Par Didier Pasamonik (L’Agence BD) le 12 juin 2010                      Lien  
Les éditions du Lombard peuvent se gargariser : ils viennent de mettre à leur catalogue l’une des signatures les plus médiatiques du moment : le philosophe préféré de la petite lucarne, Michel Onfray. Joli coup éditorial. Paris-Match adore. Nous, on s’interroge.

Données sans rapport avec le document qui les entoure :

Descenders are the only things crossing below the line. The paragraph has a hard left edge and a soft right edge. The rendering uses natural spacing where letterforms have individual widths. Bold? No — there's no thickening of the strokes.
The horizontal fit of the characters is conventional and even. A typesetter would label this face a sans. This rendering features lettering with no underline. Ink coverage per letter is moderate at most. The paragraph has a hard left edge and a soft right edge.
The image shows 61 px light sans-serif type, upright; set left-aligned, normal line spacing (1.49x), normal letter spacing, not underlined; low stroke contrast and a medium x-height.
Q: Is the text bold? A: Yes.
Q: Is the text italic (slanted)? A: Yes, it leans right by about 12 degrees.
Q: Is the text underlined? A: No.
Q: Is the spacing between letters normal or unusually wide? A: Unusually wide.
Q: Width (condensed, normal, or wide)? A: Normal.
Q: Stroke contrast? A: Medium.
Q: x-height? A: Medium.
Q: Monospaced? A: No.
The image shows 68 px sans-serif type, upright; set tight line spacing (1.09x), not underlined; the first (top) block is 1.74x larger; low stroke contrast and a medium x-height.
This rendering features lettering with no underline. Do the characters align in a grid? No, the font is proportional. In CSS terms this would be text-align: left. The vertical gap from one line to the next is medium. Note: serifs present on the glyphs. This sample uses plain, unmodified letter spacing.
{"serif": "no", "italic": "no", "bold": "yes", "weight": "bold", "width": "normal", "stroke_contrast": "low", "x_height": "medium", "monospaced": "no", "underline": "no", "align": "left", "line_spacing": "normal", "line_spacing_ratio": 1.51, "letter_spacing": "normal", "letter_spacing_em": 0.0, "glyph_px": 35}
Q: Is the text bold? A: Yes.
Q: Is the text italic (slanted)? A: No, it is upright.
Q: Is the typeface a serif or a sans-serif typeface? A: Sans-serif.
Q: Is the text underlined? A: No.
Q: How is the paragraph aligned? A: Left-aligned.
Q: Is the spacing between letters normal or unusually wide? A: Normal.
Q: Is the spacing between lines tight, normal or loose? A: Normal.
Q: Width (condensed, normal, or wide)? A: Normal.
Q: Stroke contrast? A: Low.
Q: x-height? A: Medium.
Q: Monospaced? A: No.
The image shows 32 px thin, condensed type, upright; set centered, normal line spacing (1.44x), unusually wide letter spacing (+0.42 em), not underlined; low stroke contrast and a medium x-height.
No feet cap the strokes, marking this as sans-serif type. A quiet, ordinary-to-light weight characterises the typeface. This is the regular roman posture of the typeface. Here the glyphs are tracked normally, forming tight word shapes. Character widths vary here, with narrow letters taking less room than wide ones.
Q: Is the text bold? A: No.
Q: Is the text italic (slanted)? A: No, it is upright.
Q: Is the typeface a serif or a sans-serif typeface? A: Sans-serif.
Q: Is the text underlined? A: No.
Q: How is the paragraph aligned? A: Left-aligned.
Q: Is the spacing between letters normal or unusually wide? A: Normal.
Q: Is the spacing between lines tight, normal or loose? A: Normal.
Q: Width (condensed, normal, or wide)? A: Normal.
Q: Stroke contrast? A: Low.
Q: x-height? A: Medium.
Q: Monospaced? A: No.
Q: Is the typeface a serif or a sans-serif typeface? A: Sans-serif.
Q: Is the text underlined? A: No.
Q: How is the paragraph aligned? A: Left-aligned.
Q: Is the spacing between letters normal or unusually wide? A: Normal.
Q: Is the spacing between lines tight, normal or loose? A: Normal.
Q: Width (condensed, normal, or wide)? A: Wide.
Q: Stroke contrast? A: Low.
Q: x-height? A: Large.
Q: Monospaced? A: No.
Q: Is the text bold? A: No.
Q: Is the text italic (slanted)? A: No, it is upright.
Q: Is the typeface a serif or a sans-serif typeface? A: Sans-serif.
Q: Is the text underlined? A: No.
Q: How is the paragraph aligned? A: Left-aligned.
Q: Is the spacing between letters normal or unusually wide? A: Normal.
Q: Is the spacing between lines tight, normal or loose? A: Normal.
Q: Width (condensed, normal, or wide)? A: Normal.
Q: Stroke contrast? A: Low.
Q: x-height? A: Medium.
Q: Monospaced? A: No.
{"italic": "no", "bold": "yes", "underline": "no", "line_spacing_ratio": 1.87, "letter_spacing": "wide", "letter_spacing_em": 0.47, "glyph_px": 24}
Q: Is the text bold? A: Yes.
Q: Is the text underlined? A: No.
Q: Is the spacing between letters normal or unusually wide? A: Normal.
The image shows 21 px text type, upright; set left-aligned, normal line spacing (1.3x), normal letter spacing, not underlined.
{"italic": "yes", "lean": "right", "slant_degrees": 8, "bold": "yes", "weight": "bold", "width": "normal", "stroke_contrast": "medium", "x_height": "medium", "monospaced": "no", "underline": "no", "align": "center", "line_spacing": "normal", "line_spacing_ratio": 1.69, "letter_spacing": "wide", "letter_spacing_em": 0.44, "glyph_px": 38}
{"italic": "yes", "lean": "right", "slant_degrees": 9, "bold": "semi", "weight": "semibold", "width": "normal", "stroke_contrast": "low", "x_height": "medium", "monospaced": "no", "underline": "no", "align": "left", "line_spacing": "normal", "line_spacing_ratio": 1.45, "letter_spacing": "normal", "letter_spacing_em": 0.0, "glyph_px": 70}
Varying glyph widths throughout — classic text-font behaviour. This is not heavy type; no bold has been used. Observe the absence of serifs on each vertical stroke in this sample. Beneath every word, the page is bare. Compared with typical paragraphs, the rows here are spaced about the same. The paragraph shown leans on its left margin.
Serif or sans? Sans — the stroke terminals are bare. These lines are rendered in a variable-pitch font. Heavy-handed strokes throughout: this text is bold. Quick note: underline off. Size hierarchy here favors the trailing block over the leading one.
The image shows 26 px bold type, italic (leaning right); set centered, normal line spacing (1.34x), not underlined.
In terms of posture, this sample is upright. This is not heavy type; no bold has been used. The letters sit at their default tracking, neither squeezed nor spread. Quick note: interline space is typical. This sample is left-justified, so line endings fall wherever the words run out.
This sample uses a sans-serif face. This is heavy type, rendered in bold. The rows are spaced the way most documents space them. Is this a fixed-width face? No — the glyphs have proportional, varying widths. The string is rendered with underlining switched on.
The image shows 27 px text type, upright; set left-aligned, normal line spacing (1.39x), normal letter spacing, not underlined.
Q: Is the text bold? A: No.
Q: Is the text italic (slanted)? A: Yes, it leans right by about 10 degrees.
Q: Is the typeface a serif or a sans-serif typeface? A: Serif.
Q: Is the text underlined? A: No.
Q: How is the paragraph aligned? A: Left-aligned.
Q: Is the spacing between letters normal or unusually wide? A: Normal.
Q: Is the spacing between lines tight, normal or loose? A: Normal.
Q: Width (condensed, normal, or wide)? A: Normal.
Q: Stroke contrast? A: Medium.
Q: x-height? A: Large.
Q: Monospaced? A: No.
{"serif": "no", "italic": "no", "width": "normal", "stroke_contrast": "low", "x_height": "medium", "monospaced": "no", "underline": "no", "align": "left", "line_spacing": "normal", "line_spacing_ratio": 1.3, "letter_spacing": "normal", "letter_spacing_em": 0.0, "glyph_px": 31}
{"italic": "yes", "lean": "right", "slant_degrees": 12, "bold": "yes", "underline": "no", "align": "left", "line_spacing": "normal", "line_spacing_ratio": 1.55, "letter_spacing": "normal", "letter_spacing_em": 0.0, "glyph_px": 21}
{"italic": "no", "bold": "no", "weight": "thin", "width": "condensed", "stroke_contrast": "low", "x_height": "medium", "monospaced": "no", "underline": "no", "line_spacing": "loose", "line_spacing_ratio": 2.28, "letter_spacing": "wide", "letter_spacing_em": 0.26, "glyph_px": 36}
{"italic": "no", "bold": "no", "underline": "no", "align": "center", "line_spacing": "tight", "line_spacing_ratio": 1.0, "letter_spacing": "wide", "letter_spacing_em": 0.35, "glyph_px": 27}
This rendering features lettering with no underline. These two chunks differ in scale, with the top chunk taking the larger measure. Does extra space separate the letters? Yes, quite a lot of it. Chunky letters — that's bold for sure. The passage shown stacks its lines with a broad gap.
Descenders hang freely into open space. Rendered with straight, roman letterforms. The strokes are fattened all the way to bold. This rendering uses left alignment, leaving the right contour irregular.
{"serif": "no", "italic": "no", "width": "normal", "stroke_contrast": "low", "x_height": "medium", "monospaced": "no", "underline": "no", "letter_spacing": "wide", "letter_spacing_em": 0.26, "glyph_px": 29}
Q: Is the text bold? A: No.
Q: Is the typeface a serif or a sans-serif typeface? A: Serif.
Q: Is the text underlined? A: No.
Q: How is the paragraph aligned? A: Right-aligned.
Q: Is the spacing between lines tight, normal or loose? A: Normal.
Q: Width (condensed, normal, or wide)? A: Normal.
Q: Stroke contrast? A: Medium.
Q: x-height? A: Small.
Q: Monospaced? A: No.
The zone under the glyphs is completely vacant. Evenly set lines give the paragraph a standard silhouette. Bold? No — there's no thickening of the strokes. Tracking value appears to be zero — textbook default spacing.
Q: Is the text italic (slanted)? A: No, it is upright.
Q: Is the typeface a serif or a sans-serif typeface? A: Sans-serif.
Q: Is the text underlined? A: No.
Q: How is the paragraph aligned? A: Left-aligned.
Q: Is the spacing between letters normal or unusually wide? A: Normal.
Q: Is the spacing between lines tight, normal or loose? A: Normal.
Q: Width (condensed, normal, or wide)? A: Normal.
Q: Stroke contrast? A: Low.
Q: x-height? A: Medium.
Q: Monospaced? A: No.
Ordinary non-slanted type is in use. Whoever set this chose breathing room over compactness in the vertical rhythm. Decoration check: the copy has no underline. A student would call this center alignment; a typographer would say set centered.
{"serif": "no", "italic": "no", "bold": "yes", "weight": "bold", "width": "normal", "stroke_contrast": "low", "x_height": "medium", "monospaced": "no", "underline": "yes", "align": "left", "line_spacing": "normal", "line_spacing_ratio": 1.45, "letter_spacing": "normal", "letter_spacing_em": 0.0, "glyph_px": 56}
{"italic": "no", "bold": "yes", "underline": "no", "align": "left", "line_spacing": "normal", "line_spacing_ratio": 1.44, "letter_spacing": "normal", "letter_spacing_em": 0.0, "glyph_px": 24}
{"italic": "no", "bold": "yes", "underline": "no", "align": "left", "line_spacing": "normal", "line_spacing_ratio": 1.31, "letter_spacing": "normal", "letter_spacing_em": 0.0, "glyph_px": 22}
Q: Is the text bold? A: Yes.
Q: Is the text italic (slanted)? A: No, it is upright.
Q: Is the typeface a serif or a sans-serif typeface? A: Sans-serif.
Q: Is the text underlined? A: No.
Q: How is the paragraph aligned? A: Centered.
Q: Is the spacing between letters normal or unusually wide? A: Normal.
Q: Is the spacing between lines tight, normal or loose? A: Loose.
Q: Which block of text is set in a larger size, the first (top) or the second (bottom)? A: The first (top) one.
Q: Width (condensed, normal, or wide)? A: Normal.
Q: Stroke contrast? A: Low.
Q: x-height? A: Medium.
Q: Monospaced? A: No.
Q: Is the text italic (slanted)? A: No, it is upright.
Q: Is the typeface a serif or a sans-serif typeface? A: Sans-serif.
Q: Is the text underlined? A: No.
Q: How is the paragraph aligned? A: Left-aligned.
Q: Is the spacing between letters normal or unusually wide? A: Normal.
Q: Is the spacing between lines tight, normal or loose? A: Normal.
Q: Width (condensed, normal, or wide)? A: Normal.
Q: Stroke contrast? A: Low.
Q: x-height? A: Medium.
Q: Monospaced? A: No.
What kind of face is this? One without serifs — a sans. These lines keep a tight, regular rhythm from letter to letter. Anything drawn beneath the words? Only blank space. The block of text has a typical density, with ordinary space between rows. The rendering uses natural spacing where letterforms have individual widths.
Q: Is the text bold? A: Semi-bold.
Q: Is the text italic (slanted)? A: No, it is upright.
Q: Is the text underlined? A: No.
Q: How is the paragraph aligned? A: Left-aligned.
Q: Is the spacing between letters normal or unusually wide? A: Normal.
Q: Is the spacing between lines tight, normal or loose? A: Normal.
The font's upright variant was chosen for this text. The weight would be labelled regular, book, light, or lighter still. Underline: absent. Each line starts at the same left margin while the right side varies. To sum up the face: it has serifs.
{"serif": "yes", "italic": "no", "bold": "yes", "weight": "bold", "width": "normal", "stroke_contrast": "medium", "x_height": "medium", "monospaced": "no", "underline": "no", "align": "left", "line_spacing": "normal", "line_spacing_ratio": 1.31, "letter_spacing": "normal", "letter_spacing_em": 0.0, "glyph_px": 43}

TRIBUNE LIBRE À Didier Pasamonik : Nietzsche ou l'Oncle Paul chez les BobosDéjà, soyons clairs : ce qu’on nous vend sur la couverture comme un album de Michel Onfray avec sa complaisante complicité, y compris sur ActuaBD sous la plume de notre collègue et ami Charles-Louis Detournay, n’est pas de lui. Il s’agit de l’adaptation d’un scénario qu’il a écrit pour un film documentaire sur Nietzsche, L’innocence du devenir - La vie de Frédéric Nietzsche . Onfray n’a pas eu l’idée (car la vie de Nietzsche, il ne l’a tout de même pas inventée), il n’a pas davantage découpé le scénario, ni rédigé ses dialogues. C’est son dessinateur Maximilen Le Roy qui s’en est chargé. Et encore, bon nombre de textes sont de Nietzsche lui-même dans une traduction dont l’auteur n’est d’ailleurs pas crédité.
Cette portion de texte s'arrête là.